WHAT TO PRODUCE – All entries are to be quoted exactly; the images stay out of the copy.
*** STUDY MATERIAL Section Begins ***
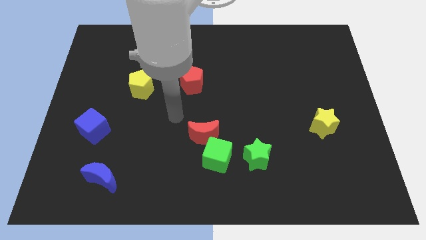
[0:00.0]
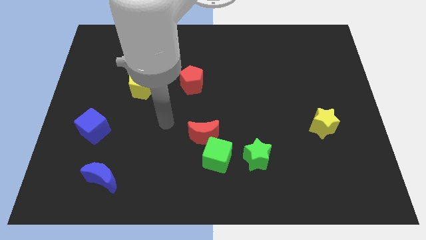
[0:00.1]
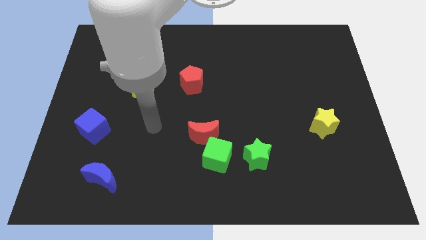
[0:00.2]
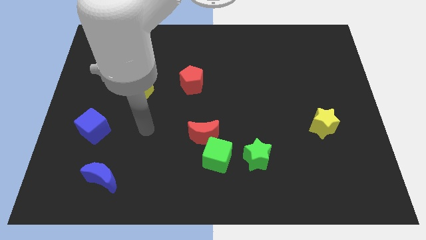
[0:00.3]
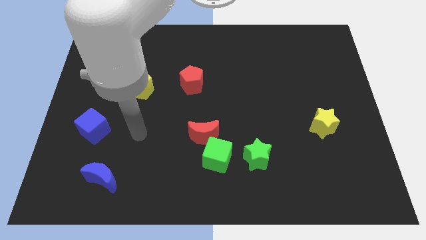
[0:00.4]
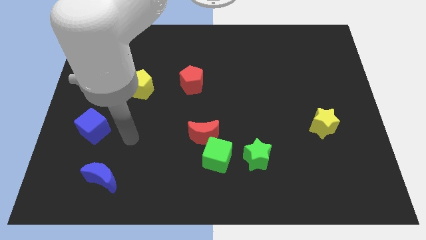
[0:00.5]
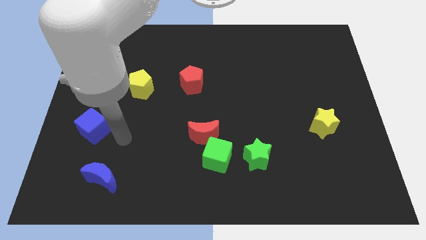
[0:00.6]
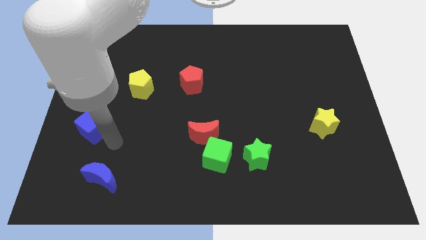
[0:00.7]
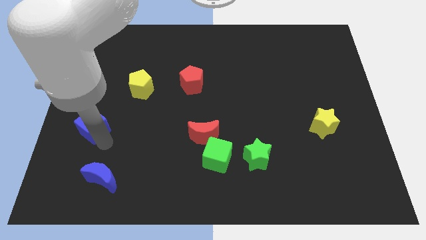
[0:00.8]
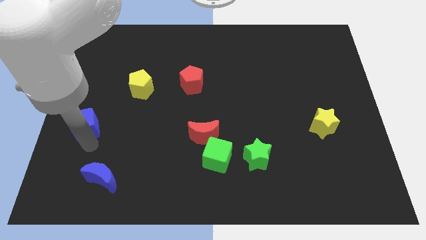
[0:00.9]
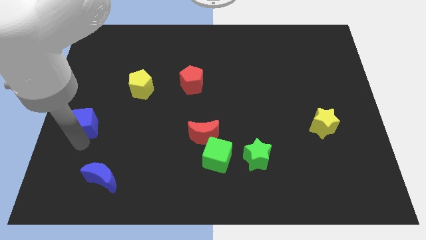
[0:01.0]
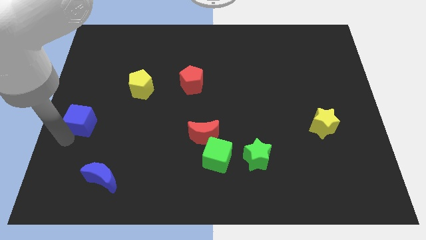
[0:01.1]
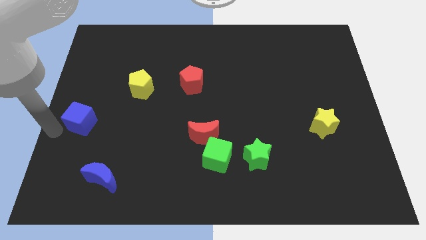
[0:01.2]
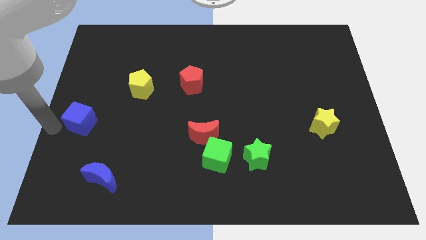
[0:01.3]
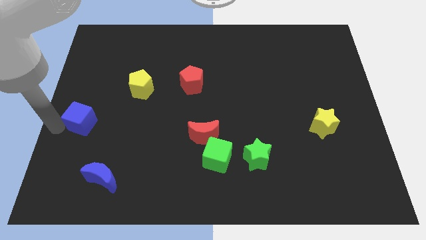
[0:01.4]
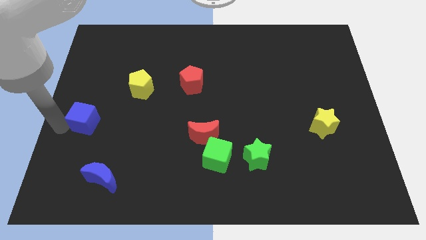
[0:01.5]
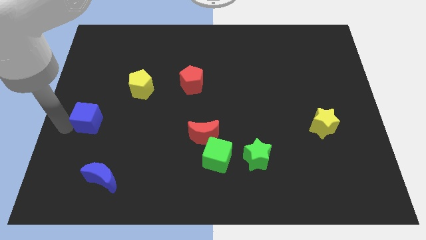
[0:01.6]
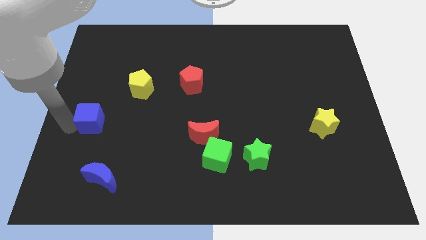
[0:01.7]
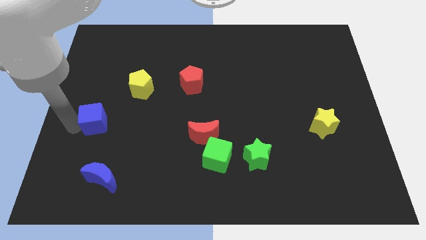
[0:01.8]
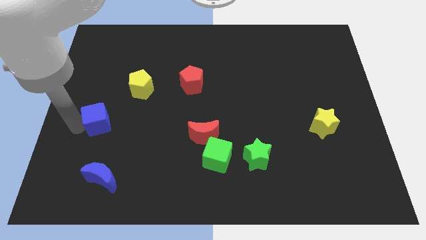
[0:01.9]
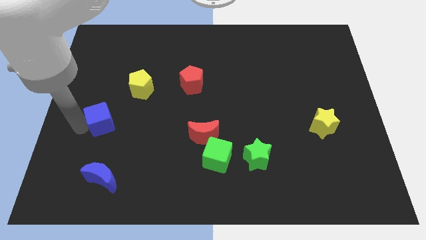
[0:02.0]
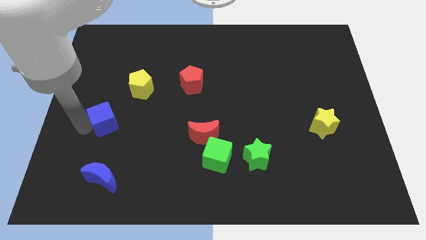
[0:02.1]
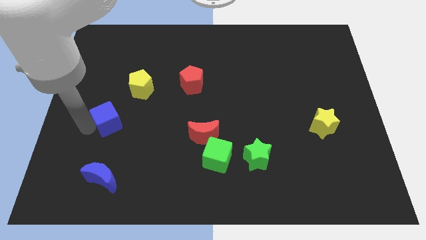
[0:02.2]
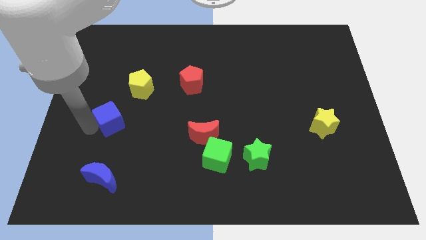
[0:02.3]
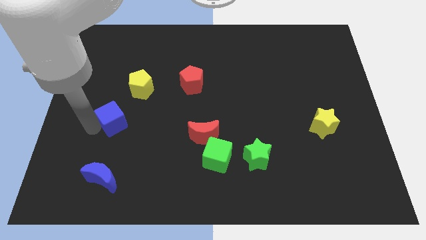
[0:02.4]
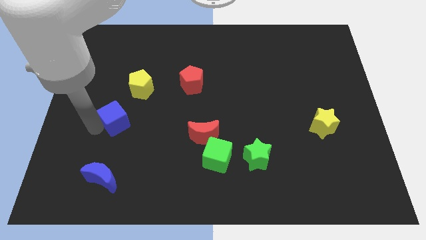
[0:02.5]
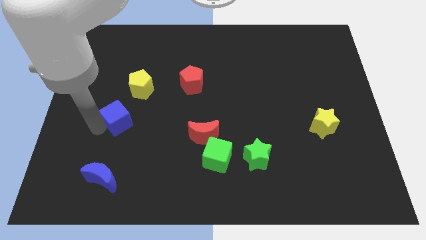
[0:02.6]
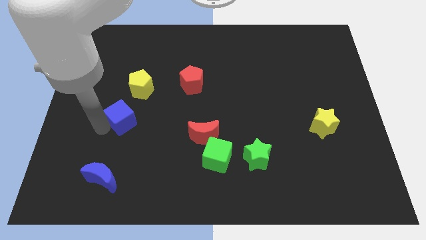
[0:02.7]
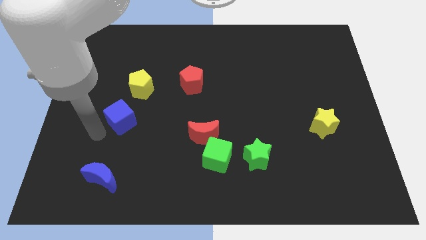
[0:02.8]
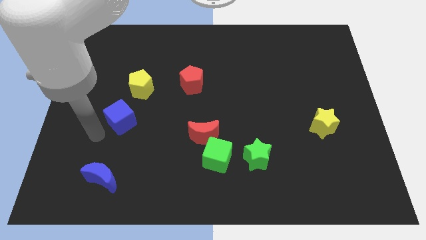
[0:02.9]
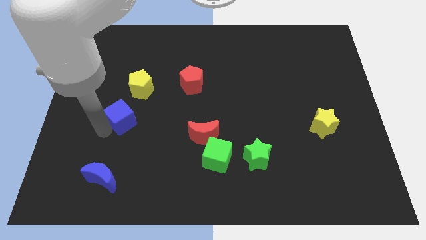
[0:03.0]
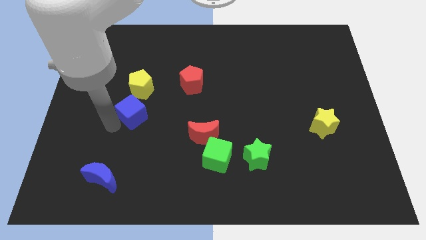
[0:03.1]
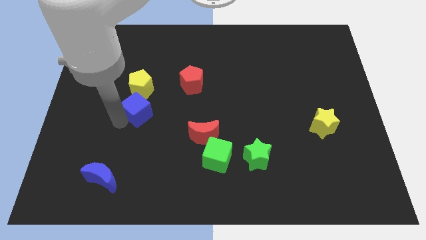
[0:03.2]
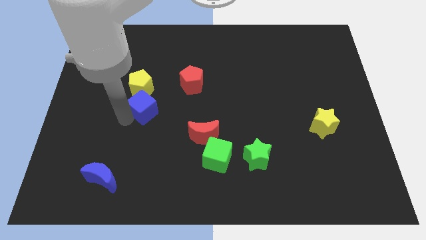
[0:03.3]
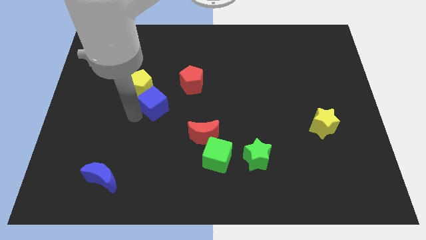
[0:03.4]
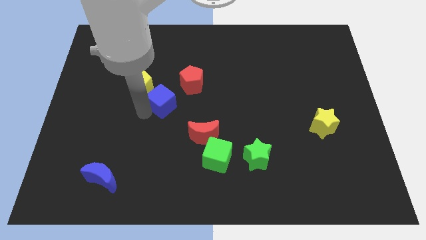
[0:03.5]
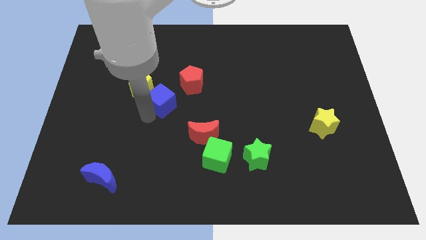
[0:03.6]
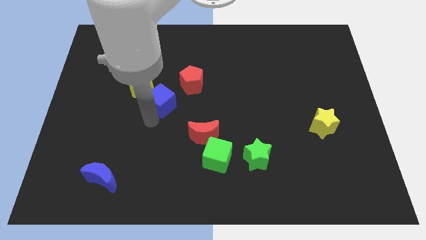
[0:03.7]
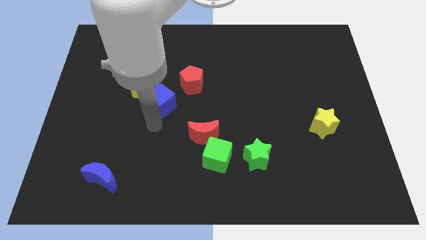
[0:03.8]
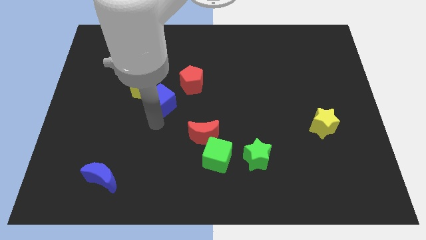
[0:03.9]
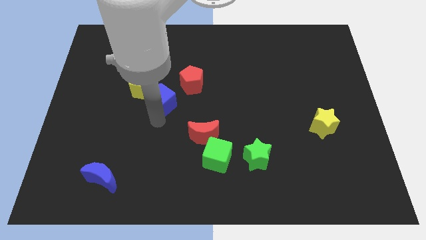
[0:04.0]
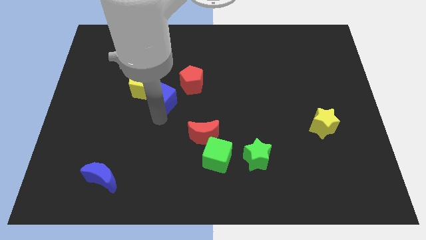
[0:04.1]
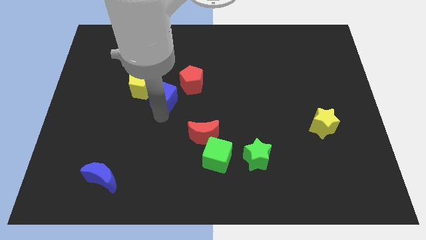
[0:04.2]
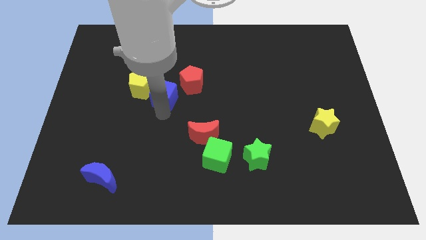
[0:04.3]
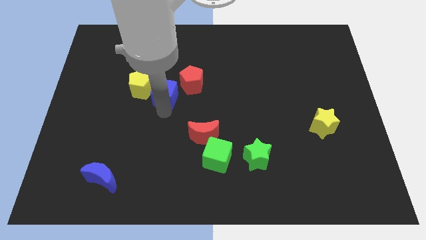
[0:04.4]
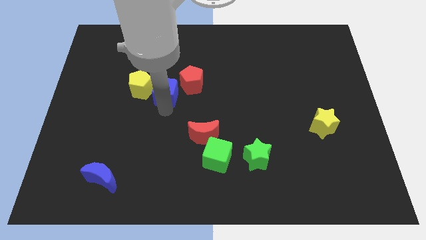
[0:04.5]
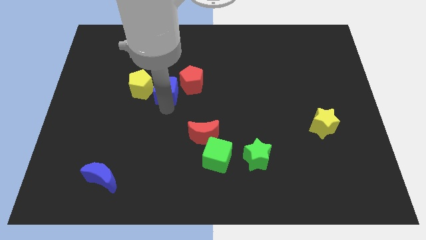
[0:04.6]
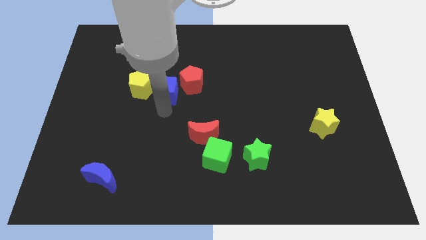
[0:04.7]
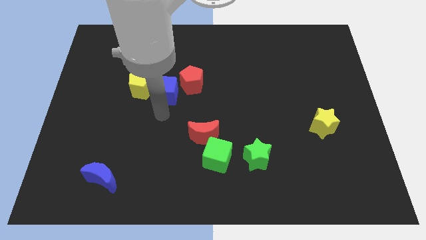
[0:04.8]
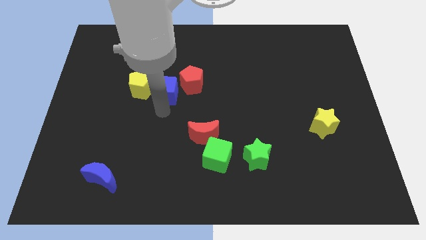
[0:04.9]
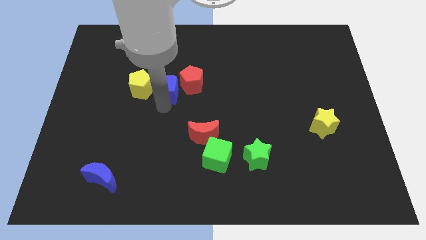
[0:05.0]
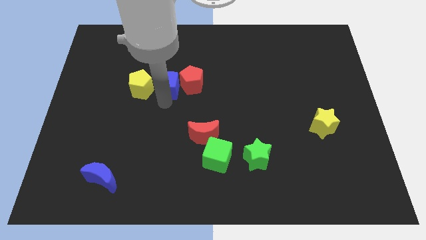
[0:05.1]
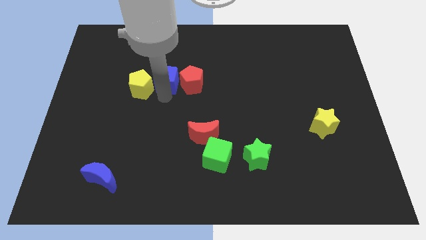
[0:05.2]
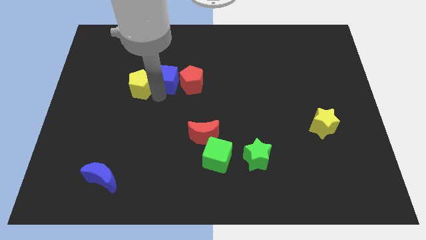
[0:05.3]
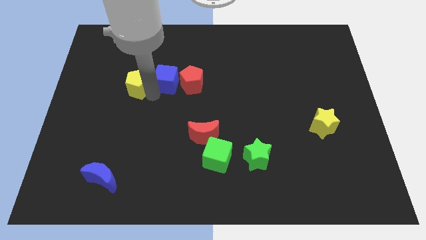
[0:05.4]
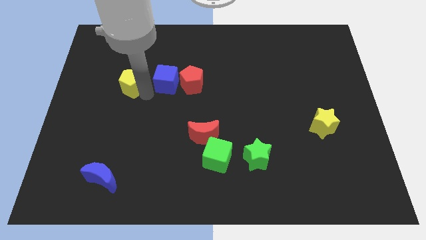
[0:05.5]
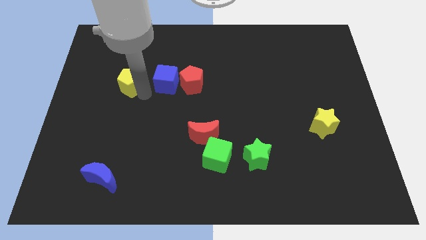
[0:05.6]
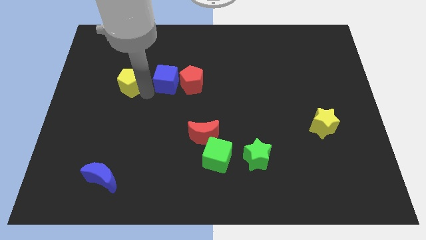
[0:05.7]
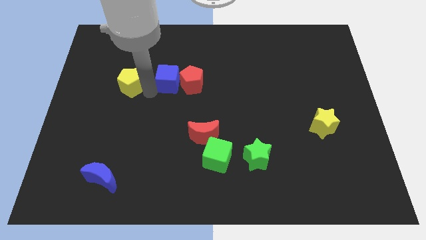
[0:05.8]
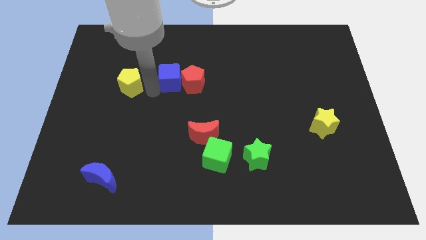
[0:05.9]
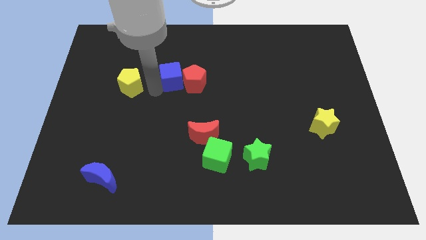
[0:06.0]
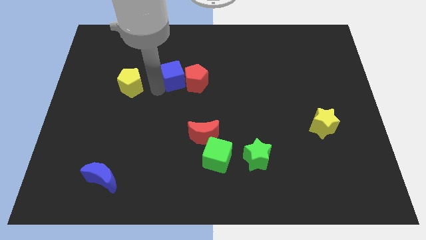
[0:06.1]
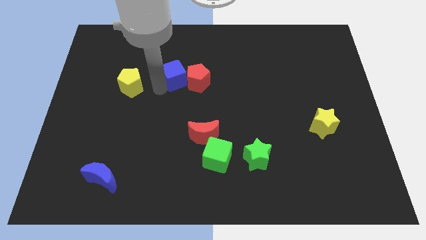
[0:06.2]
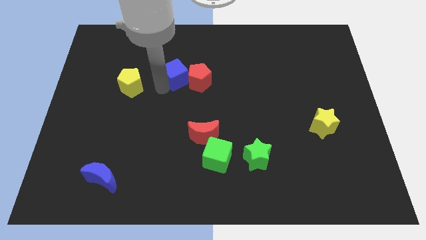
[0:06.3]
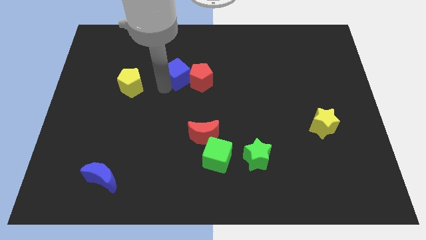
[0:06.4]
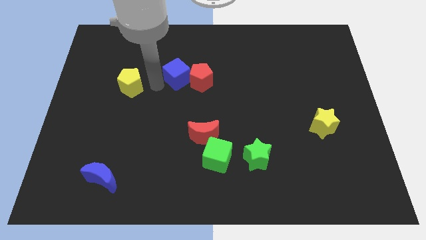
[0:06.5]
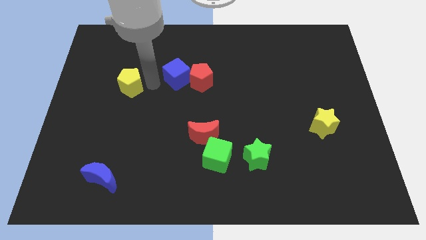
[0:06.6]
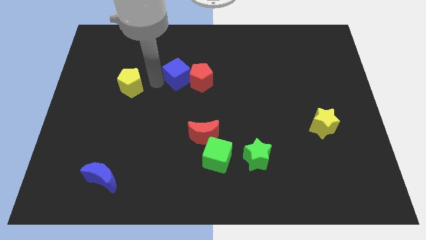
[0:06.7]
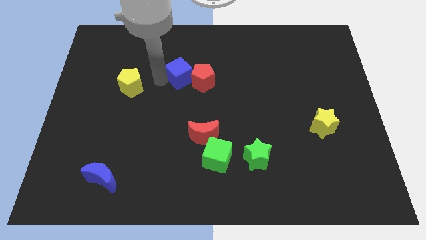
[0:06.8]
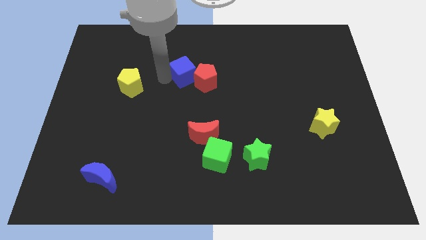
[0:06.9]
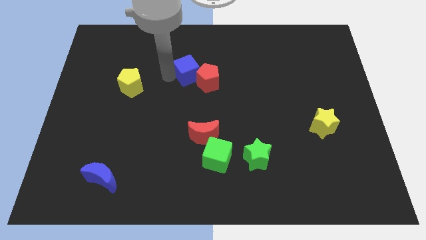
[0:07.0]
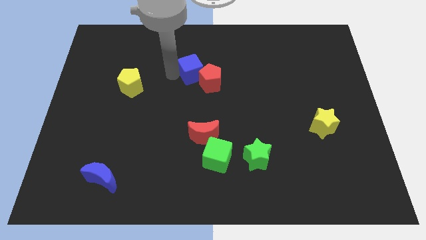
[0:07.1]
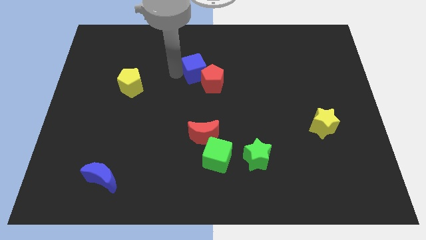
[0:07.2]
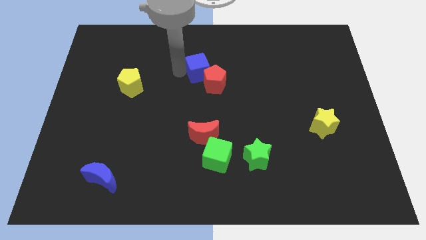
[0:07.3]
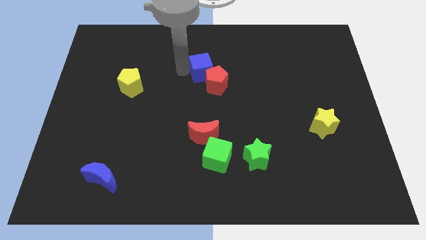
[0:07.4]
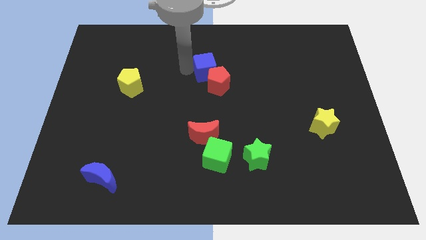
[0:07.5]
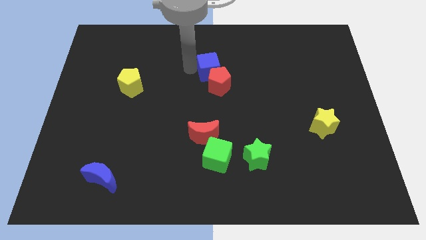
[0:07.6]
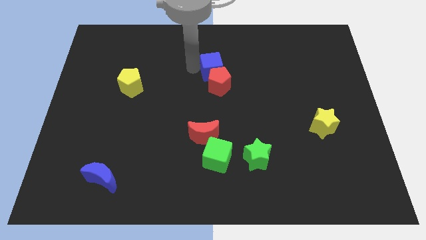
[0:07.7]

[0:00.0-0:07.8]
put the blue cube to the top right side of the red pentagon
*** STUDY MATERIAL Section Ends ***
WORKED SOLUTION –
[0:00.0]
[0:00.1]
[0:00.2]
[0:00.3]
[0:00.4]
[0:00.5]
[0:00.6]
[0:00.7]
[0:00.8]
[0:00.9]
[0:01.0]
[0:01.1]
[0:01.2]
[0:01.3]
[0:01.4]
[0:01.5]
[0:01.6]
[0:01.7]
[0:01.8]
[0:01.9]
[0:02.0]
[0:02.1]
[0:02.2]
[0:02.3]
[0:02.4]
[0:02.5]
[0:02.6]
[0:02.7]
[0:02.8]
[0:02.9]
[0:03.0]
[0:03.1]
[0:03.2]
[0:03.3]
[0:03.4]
[0:03.5]
[0:03.6]
[0:03.7]
[0:03.8]
[0:03.9]
[0:04.0]
[0:04.1]
[0:04.2]
[0:04.3]
[0:04.4]
[0:04.5]
[0:04.6]
[0:04.7]
[0:04.8]
[0:04.9]
[0:05.0]
[0:05.1]
[0:05.2]
[0:05.3]
[0:05.4]
[0:05.5]
[0:05.6]
[0:05.7]
[0:05.8]
[0:05.9]
[0:06.0]
[0:06.1]
[0:06.2]
[0:06.3]
[0:06.4]
[0:06.5]
[0:06.6]
[0:06.7]
[0:06.8]
[0:06.9]
[0:07.0]
[0:07.1]
[0:07.2]
[0:07.3]
[0:07.4]
[0:07.5]
[0:07.6]
[0:07.7]

[0:00.0-0:07.8]
put the blue cube to the top right side of the red pentagon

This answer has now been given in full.